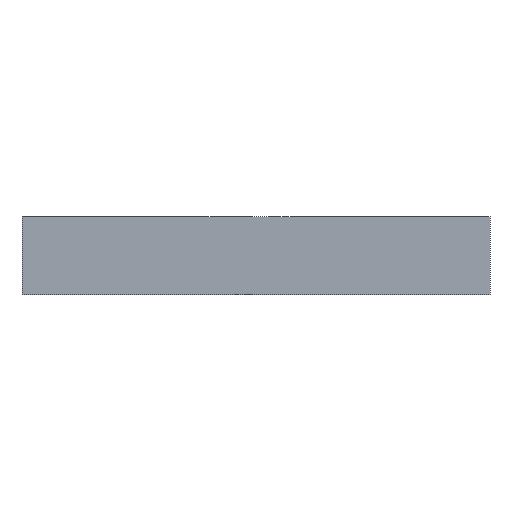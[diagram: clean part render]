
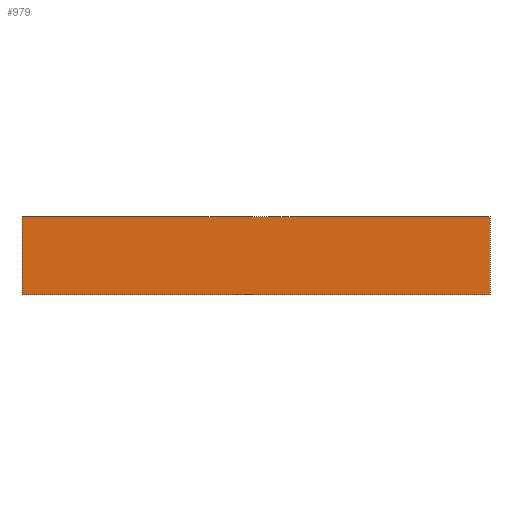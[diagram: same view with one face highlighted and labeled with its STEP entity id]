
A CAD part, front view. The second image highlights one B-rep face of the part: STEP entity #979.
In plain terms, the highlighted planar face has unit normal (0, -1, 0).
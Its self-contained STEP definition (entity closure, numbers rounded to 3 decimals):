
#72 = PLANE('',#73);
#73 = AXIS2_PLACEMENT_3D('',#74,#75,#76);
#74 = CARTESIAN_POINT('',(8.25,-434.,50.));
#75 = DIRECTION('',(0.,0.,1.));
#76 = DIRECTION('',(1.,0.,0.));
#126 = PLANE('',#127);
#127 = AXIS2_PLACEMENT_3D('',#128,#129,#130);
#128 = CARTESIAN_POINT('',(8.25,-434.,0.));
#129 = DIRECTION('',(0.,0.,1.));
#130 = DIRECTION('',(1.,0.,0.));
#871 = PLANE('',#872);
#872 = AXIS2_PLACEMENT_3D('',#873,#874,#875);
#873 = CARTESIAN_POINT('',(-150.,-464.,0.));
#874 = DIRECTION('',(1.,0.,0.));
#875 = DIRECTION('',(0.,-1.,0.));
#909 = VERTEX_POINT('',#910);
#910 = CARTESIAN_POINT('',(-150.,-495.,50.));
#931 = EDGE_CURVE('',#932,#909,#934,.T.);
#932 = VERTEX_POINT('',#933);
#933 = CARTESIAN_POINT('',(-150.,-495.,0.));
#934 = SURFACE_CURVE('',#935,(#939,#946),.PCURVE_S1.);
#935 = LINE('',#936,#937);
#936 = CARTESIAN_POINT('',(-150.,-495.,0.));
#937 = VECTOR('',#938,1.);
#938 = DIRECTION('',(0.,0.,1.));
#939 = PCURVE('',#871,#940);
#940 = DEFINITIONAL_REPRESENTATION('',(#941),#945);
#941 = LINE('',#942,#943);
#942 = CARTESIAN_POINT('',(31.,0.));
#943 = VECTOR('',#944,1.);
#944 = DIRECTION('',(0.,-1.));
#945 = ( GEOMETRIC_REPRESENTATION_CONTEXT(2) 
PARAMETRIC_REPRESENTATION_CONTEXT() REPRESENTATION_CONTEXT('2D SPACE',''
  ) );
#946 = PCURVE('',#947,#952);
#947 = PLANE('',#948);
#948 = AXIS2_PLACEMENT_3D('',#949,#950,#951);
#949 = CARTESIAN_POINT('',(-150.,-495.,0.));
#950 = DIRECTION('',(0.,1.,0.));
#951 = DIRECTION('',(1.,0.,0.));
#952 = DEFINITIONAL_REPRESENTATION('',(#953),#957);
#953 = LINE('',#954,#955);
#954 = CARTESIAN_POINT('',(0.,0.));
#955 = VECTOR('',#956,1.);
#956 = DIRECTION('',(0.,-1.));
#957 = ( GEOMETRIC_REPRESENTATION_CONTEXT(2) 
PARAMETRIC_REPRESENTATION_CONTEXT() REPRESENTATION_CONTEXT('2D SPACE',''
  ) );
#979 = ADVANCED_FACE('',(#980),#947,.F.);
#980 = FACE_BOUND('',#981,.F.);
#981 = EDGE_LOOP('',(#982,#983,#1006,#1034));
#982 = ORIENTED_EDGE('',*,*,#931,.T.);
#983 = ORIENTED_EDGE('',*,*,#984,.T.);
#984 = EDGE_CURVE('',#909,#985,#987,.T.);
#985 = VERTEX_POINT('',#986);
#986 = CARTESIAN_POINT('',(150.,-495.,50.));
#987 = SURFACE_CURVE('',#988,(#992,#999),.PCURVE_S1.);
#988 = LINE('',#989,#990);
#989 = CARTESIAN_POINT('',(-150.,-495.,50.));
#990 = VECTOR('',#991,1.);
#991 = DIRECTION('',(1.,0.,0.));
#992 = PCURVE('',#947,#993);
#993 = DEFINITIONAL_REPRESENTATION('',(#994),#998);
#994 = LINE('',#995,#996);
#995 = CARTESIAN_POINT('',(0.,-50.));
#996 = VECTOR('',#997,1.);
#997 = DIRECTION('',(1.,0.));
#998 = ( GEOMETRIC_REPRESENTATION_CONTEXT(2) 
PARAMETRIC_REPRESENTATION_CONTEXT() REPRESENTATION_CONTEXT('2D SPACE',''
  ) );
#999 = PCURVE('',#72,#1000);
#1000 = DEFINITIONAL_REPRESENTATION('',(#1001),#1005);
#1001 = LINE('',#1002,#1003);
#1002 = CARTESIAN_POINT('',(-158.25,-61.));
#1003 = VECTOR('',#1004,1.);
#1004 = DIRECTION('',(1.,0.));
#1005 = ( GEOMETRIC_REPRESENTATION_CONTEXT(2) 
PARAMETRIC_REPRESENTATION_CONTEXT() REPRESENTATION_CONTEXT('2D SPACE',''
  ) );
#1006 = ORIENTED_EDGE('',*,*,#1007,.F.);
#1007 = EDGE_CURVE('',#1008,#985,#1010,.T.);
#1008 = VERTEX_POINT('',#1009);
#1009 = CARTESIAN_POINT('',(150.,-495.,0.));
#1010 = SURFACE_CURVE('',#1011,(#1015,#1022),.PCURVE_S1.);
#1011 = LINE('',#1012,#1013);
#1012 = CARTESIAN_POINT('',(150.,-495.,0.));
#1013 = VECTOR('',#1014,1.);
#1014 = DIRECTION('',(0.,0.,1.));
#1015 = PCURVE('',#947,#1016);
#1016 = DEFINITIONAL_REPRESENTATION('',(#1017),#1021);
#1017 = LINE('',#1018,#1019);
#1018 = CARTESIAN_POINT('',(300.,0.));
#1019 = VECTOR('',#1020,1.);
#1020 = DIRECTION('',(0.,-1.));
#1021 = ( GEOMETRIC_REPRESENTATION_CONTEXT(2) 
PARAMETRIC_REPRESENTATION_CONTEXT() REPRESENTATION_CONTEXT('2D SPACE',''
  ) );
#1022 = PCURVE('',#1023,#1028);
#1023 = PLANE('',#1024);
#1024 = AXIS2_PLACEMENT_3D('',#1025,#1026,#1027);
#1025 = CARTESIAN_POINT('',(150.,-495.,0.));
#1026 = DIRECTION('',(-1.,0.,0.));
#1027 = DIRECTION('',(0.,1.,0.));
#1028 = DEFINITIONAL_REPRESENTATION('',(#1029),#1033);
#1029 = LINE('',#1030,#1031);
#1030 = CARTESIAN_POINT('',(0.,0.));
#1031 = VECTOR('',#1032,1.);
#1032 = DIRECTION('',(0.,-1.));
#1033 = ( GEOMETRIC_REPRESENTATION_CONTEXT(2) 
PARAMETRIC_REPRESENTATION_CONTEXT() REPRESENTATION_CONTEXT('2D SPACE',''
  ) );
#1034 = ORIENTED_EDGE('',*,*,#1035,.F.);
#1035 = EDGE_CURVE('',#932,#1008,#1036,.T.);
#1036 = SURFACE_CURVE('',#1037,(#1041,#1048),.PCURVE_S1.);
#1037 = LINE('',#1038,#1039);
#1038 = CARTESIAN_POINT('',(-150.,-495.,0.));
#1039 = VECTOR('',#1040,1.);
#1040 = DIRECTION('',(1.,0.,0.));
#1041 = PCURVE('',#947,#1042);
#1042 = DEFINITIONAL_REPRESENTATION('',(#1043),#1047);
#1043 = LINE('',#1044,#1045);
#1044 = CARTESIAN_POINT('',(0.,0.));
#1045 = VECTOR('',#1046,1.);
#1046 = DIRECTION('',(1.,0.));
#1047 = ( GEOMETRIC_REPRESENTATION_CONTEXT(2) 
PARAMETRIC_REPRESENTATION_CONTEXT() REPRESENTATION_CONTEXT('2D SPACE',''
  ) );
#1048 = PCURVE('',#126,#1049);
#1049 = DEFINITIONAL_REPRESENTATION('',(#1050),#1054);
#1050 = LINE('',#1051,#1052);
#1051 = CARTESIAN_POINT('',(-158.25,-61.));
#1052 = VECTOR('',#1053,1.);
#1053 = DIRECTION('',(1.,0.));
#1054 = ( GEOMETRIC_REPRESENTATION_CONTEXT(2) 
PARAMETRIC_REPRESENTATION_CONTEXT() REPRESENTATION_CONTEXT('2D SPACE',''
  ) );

○ ○ ○ ○

PROBLEM: Only the lines from the one containing "#996 = VECTOR('',#997,1.);" through the one containing "#1015 = PCURVE('',#947,#1016);" are to be retyped, both boundary lines included, with no other material.

WRITTEN ANSWER:
#996 = VECTOR('',#997,1.);
#997 = DIRECTION('',(1.,0.));
#998 = ( GEOMETRIC_REPRESENTATION_CONTEXT(2) 
PARAMETRIC_REPRESENTATION_CONTEXT() REPRESENTATION_CONTEXT('2D SPACE',''
  ) );
#999 = PCURVE('',#72,#1000);
#1000 = DEFINITIONAL_REPRESENTATION('',(#1001),#1005);
#1001 = LINE('',#1002,#1003);
#1002 = CARTESIAN_POINT('',(-158.25,-61.));
#1003 = VECTOR('',#1004,1.);
#1004 = DIRECTION('',(1.,0.));
#1005 = ( GEOMETRIC_REPRESENTATION_CONTEXT(2) 
PARAMETRIC_REPRESENTATION_CONTEXT() REPRESENTATION_CONTEXT('2D SPACE',''
  ) );
#1006 = ORIENTED_EDGE('',*,*,#1007,.F.);
#1007 = EDGE_CURVE('',#1008,#985,#1010,.T.);
#1008 = VERTEX_POINT('',#1009);
#1009 = CARTESIAN_POINT('',(150.,-495.,0.));
#1010 = SURFACE_CURVE('',#1011,(#1015,#1022),.PCURVE_S1.);
#1011 = LINE('',#1012,#1013);
#1012 = CARTESIAN_POINT('',(150.,-495.,0.));
#1013 = VECTOR('',#1014,1.);
#1014 = DIRECTION('',(0.,0.,1.));
#1015 = PCURVE('',#947,#1016);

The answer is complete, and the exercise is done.